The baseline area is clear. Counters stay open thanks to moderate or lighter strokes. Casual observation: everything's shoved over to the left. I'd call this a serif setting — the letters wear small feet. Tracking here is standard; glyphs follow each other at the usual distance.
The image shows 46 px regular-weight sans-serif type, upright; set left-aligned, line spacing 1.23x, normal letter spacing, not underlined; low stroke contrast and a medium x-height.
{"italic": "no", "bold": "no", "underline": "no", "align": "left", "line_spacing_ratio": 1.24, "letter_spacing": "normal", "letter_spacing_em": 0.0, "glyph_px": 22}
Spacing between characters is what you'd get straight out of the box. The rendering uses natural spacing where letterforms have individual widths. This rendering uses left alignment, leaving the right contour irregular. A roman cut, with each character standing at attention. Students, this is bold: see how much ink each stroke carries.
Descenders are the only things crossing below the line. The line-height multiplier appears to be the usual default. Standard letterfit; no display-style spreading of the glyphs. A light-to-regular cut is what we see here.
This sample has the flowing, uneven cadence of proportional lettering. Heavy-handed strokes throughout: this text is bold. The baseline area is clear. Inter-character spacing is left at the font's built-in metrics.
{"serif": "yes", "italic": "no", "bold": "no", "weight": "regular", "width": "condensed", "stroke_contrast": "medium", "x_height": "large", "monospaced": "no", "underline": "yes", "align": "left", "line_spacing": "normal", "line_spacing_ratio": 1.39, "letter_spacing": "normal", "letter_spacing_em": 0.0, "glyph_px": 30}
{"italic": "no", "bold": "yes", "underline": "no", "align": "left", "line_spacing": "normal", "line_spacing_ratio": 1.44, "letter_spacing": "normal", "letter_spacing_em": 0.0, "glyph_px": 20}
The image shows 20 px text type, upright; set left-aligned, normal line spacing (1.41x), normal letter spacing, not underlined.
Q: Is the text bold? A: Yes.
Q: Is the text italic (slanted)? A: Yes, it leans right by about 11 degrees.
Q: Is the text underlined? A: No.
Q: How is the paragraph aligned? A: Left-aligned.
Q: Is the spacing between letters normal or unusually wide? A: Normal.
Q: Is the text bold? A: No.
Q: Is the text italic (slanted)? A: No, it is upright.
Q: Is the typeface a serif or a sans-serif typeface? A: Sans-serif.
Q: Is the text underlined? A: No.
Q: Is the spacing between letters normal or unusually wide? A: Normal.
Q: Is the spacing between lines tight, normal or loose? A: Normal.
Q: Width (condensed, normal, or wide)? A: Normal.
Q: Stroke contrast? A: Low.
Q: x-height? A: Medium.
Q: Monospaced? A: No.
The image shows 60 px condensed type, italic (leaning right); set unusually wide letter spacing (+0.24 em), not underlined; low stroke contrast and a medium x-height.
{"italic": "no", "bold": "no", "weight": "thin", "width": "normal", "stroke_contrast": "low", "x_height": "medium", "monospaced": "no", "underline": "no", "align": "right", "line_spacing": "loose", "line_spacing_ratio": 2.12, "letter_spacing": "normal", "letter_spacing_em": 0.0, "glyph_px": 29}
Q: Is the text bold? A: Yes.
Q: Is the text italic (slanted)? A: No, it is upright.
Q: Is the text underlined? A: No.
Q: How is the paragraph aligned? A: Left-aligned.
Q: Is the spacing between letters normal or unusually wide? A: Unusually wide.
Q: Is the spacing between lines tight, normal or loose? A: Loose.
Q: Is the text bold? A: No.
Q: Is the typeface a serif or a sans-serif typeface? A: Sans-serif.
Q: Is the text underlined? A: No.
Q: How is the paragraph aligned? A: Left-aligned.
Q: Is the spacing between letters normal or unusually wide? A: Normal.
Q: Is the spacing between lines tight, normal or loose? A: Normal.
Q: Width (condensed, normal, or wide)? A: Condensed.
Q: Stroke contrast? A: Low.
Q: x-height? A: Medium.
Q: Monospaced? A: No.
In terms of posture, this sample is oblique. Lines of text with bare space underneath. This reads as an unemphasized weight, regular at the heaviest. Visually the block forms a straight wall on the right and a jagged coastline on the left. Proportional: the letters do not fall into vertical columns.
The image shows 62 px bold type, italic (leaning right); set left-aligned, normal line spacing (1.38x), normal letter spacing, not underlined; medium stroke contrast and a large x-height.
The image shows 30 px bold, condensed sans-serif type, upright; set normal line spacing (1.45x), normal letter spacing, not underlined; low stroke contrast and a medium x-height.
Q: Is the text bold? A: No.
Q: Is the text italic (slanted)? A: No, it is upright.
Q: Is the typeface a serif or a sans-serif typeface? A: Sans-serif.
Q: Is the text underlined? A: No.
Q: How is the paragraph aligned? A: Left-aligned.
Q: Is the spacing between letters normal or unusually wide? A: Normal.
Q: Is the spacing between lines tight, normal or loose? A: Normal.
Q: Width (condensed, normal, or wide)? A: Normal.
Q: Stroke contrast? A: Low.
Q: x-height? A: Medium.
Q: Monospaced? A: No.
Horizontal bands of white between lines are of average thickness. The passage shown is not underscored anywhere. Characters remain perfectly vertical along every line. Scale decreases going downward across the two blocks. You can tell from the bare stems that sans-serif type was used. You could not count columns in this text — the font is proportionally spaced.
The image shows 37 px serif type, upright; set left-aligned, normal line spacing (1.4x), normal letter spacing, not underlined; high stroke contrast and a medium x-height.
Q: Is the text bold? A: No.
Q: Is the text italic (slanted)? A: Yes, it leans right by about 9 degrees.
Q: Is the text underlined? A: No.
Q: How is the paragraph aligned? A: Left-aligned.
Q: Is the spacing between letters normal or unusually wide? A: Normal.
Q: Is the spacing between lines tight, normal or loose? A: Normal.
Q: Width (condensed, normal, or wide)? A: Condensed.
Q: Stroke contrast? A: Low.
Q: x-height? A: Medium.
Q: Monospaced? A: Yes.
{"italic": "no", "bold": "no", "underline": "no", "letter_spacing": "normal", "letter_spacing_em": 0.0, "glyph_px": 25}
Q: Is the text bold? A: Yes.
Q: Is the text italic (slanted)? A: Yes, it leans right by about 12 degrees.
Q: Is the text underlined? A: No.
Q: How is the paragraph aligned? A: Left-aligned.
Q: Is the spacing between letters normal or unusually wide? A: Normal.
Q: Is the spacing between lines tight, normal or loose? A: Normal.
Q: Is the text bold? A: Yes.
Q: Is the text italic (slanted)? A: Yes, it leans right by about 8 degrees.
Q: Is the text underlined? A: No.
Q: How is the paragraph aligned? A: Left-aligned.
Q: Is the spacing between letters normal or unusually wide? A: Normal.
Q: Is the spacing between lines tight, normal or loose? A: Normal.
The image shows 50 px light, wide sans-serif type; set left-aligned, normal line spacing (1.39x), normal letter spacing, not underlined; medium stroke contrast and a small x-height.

....

= TASK GOAL =
Show every line above in which the word "bare" occurs.

= OUTPUT OF THE EXERCISE =
In terms of posture, this sample is oblique. Lines of text with bare space underneath. This reads as an unemphasized weight, regular at the heaviest. Visually the block forms a straight wall on the right and a jagged coastline on the left. Proportional: the letters do not fall into vertical columns.
Horizontal bands of white between lines are of average thickness. The passage shown is not underscored anywhere. Characters remain perfectly vertical along every line. Scale decreases going downward across the two blocks. You can tell from the bare stems that sans-serif type was used. You could not count columns in this text — the font is proportionally spaced.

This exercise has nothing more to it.